Official implementation of the paper: Can Slow-thinking LLMs Reason Over Time: Empirical Studies in Time Series Forecasting
We propose TimeReasoner, an extensive empirical study that formulates TSF as a conditional reasoning task. We design a series of prompting strategies to elicit inference-time reasoning from pretrained slow-thinking LLMs and evaluate their performance across diverse TSF benchmarks.
Our findings reveal that slow-thinking LLMs exhibit non-trivial zero-shot forecasting capabilities, especially in capturing high-level trends and contextual shifts. While preliminary, our study surfaces important insights into the reasoning behaviors of LLMs in temporal domains highlighting both their potential and limitations. We hope this work catalyzes further research into reasoning-based forecasting paradigms and paves the way toward more interpretable and generalizable TSF frameworks.
Time series forecasting (TSF) is a cornerstone task in numerous fields, including finance, energy, and healthcare. Its core goal is to predict the future trajectory of a target variable based on historical observations and auxiliary information. While existing methods (ranging from classical statistical models to modern deep learning) have achieved remarkable success, most of them adhere to a "fast-thinking" paradigm, directly mapping inputs to outputs through a single-step inference, lacking intermediate, explicit reasoning steps.

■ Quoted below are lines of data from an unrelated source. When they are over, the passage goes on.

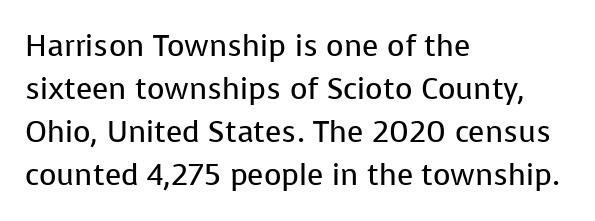
Classification — sans serif. Words appear dense and cohesive because spacing is normal. The cut favours lightness, reaching ordinary text weight at its darkest. Honestly, there is no underline to notice here at all. The space between consecutive lines is moderate.
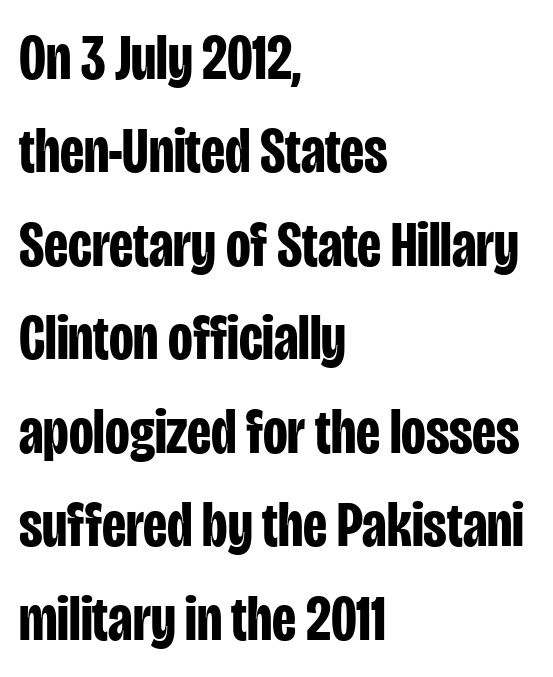
{"serif": "no", "italic": "no", "bold": "yes", "weight": "bold", "width": "condensed", "stroke_contrast": "low", "x_height": "large", "monospaced": "no", "underline": "no", "align": "left", "line_spacing": "normal", "line_spacing_ratio": 1.46, "letter_spacing": "normal", "letter_spacing_em": 0.0, "glyph_px": 64}
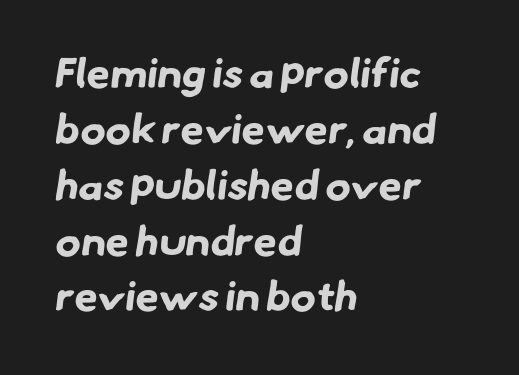
Visually the block forms a straight wall on the left and a jagged coastline on the right. Think of a printed novel: that variable character pitch is what you see here. Is there much room between lines? A standard amount, neither cramped nor airy. Unmarked baselines from the first word to the last.
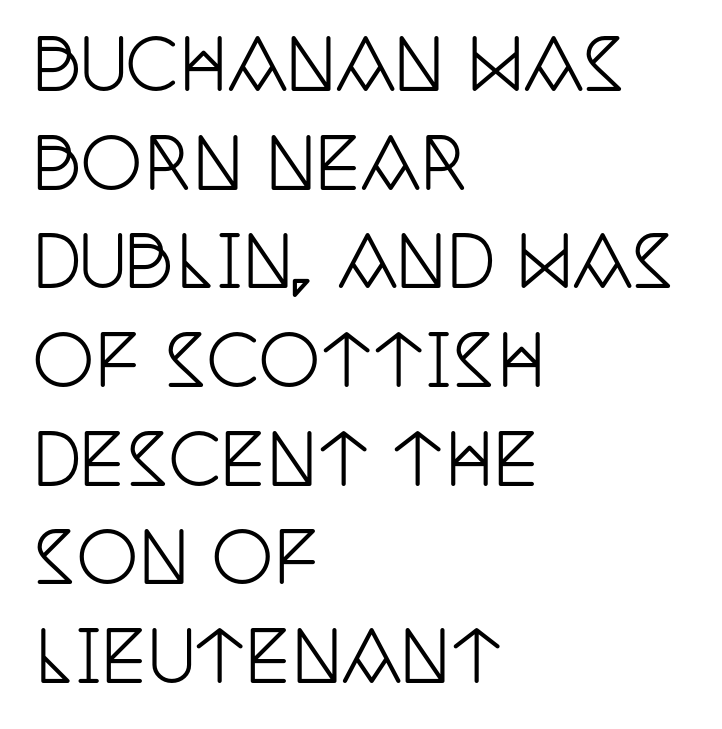
The image shows 69 px condensed serif type, upright; set left-aligned, normal line spacing (1.43x), normal letter spacing, not underlined; low stroke contrast and a large x-height.
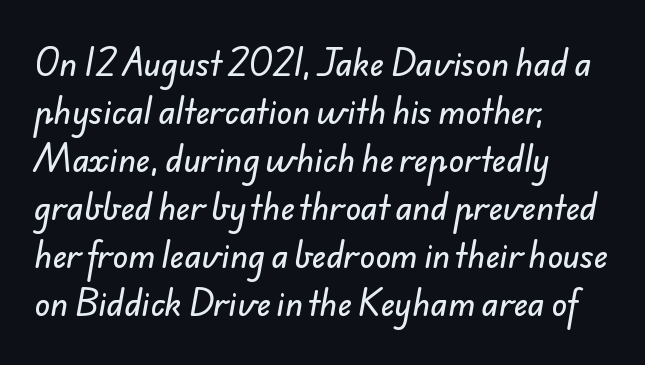
Each line starts at the same left margin while the right side varies. Is this a sans? Yes — the strokes have no serifs. The glyphs are unaccompanied by any horizontal stroke below them. The designer left line spacing at the default.
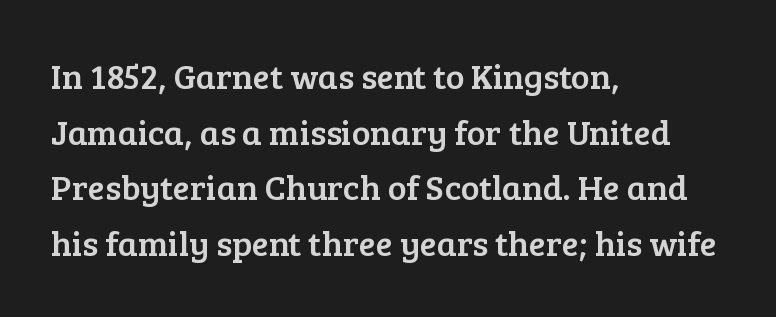
The image shows 35 px serif type, upright; set left-aligned, normal line spacing (1.59x), normal letter spacing, not underlined; low stroke contrast and a medium x-height.
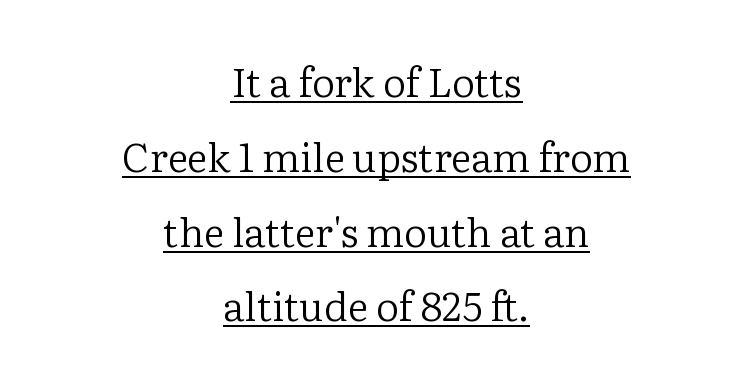
{"serif": "yes", "italic": "no", "bold": "no", "weight": "regular", "width": "normal", "stroke_contrast": "low", "x_height": "medium", "monospaced": "no", "underline": "yes", "align": "center", "line_spacing_ratio": 1.87, "letter_spacing": "normal", "letter_spacing_em": 0.0, "glyph_px": 40}
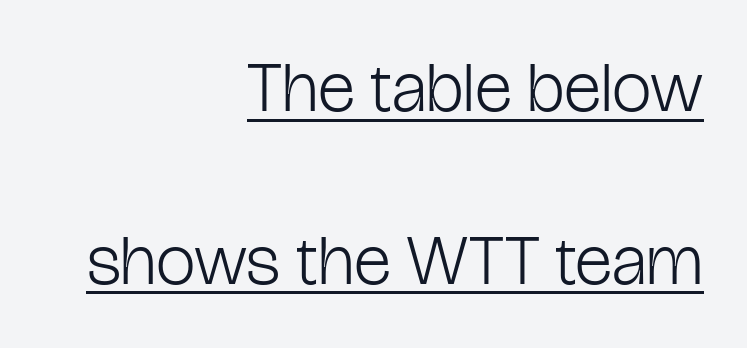
The gaps between neighbouring characters are ordinary and unremarkable. The characters display no serif detailing; their extremities are plain. The rendering uses natural spacing where letterforms have individual widths. Which margin do the lines hug? The right one — the left edge is uneven. Characters remain perfectly vertical along every line. Honestly, the underline is the first thing you notice here.
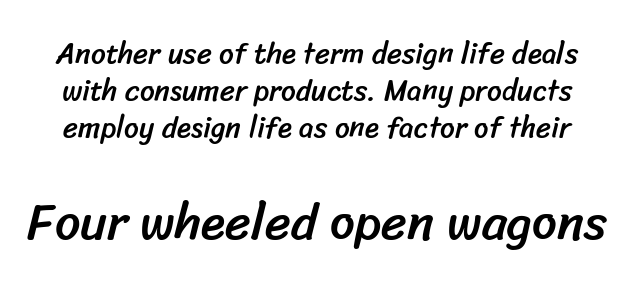
Q: Is the typeface a serif or a sans-serif typeface? A: Sans-serif.
Q: Is the text underlined? A: No.
Q: Is the spacing between letters normal or unusually wide? A: Normal.
Q: Is the spacing between lines tight, normal or loose? A: Normal.
Q: Which block of text is set in a larger size, the first (top) or the second (bottom)? A: The second (bottom) one.
Q: Width (condensed, normal, or wide)? A: Normal.
Q: Stroke contrast? A: Low.
Q: x-height? A: Medium.
Q: Monospaced? A: No.

Meanwhile, "slow-thinking" large language models (such as ChatGPT-o1 and DeepSeek-R1) capable of multi-step reasoning have demonstrated impressive performance in various domains. This raises a key question: Can "slow-thinking" large language models effectively reason about temporal patterns to support time series forecasting, even in zero-shot scenarios? To this end, the research team proposed TimeReasoner, which reformulates TSF as a conditional reasoning task and systematically explores the reasoning behavior of LLMs on time series data.
TimeReasoner frames time series forecasting as a conditional reasoning problem, where the LLM generates forecasts by interpreting structured natural language prompts. Its core framework (shown in Figure 2) includes the following key components:
To support effective time series reasoning, TimeReasoner employs multimodal prompts, combining:
- Raw time series in original space: Directly using unnormalized raw data, it preserves the true magnitude and fluctuation of values, enabling the model to understand absolute values and real-world changes.
- Timestamp feature: Introducing raw timestamps enables the model to identify absolute temporal locations (such as specific dates or hours) and relative patterns (such as periodicity or time intervals), which is crucial for time series reasoning.
- Contextual feature descriptions: Provide contextual information to natural language descriptions, such as domain knowledge and channel-specific semantics, helping the LLM align numerical data with real-world meaning, enhancing task relevance and interpretability.
TimeReasoner explored three different reasoning paradigms to evaluate the capabilities of "slow-thinking" LLMs:
- One-Shot Reasoning: The LLM performs a comprehensive reasoning process on a given input, internally completing the required multi-step logic and directly outputting a complete set of predictions.
- Decoupled Reasoning: The LLM aims to produce a comprehensive output, but the process is decoupled. The model generates a partial thought, reflects on it, and then continues, forming a "generate-reflect-generate" cycle within a single reasoning shot to achieve more refined multi-step reasoning.
- Rollout Reasoning: The LLM generates predictions incrementally, producing a partial result at each step. This process involves multiple iterative rounds, with each output serving as context for the next, allowing the model to gradually build the final, complete result.